To improve genome contiguity, 2 assemblies generated from the Canu and wtdbg pipelines were merged with 2 rounds of quickmerge [15]. Quickmerge uses contigs from wtdbg as query input and contigs from Canu as reference input. The 2 contigs are aligned through mummer (v4.0.0, available at GitHub [16]) with the nucmer parameters “-b 500 -c 100 -l 200 -t 12” and delta-filter parameters “-i 90 -r -q”, and then merged through quickmerge with the parameters “-hco 5.0 -c 1.5 -l 100 000 -ml 5000”. The result was error corrected using Pilon (Pilon, RRID:SCR_014731) [17]. After all of the processing described above, the resulting genome assembly was further cleaned using Illumina next-generation sequencing (NGS) data, which were used in the 19-mer analysis above. The final draft genome assembly was 397.90 Mb, which reached a high level of continuity with a contig N50 length of 2.05 Mb (Table 2).

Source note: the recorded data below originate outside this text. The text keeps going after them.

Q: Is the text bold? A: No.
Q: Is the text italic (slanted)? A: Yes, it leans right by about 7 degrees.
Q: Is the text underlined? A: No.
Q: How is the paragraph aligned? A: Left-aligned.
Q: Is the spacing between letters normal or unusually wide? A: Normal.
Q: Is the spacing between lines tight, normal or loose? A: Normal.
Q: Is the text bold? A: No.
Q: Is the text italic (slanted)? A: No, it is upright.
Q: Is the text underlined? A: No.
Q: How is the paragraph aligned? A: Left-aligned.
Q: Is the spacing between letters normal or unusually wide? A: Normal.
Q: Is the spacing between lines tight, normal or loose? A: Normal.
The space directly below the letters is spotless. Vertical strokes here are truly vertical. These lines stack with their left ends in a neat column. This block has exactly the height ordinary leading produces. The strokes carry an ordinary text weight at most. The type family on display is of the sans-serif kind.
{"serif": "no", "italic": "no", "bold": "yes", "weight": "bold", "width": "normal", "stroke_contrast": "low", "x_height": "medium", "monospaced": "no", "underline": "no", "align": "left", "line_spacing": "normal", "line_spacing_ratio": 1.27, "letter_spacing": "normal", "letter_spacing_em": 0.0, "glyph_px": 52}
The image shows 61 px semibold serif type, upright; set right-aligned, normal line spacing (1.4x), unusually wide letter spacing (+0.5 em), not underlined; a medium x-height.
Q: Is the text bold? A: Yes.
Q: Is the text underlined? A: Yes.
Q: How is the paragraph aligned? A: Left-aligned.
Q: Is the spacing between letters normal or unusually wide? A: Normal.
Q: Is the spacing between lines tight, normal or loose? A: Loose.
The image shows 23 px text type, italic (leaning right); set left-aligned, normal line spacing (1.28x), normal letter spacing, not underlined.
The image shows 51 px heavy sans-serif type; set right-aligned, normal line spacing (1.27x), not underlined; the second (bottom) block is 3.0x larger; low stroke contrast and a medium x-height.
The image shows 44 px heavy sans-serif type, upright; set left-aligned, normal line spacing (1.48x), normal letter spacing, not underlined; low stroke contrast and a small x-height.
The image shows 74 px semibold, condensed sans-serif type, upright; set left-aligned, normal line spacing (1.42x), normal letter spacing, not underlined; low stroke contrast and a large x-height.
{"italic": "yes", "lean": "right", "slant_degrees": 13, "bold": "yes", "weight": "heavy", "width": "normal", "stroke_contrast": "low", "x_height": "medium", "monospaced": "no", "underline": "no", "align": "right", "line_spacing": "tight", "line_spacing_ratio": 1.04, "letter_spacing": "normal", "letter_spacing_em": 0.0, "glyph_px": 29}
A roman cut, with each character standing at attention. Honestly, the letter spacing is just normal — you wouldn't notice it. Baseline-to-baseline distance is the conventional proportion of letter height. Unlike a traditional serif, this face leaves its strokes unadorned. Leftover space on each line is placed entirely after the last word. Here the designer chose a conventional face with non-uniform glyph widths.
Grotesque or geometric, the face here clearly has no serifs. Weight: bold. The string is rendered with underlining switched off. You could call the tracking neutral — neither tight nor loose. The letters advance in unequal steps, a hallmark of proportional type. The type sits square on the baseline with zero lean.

The contig N50 of S. miscanthi was much higher than that of previous aphid genome assemblies constructed using DNA NGS sequencing technologies.
Table 2.
Assembly statistics of the S. miscanthi genome and 7 other aphid genomes based mainly on NGS
| Genome assembly/species | S. miscanthi | R. padi | D. noxia | Ac. pisum | Ap. glycines | M. persicae | M. cerasi | Ap. gossypii |
|---|---|---|---|---|---|---|---|---|
| Assembly size (Mb) | 397.9 | 319.4 | 393.0 | 541.6 | 302.9 | 347.3 | 405.7 | 294.0 |
| Contig count | 1,148 | 16,689 | 49,357 | 60,623 | 66,000 | 8,249 | 56,508 | 22,569 |
| Contig N50 (bp) | 1,638,329 | 96,831 | 12,578 | 28,192 | 15,844 | 71,400 | 17,908 | 45,572 |
| Scaffold count | 656 | 15,587 | 5,641 | 23,924 | 8,397 | 4,018 | 49,286 | 4,724 |
| Scaffold N50 (bp) | 36,263,045 | 116,185 | 397,774 | 518,546 | 174,505 | 435,781 | 23,273 | 437,960 |
| Genome annotation | ||||||||
| Gene count | 16,006 | 26,286 | 19,097 | 36,195 | 17,558 | 18,529 | 28,688 | 14,694 |
| Mean gene length (kb) | 7.805 | 1,543 | 1.316 | 1.964 | 1.520 | 1.839 | 1,222 | 1.964 |
| Mean exon count per gene | 6.7 | 5.20 | 3.0 | 5.0 | 6.2 | 6.1 | 3.7 | 10.1 |
| Mean exon length (bp) | 288 | 162 | 249.0 | 394.7 | 246 | 299 | 178 | 218 |
Genome Quality Evaluation
To assess the completeness of the assembled S. miscanthi genome, we subjected the assembled sequences to BUSCO version 2 (BUSCO, RRID:SCR_015008) [18]. Overall, 1,496 and 19 of the 1,658 expected Insecta genes (insect_odb9) were identified in the assembled genome as having complete and partial BUSCO profiles, respectively. Approximately 143 genes were considered missing in our assembly. Among the expected complete Insecta genes, 1,401 and 95 were identified as single-copy and duplicated BUSCOs, respectively (Fig. S4).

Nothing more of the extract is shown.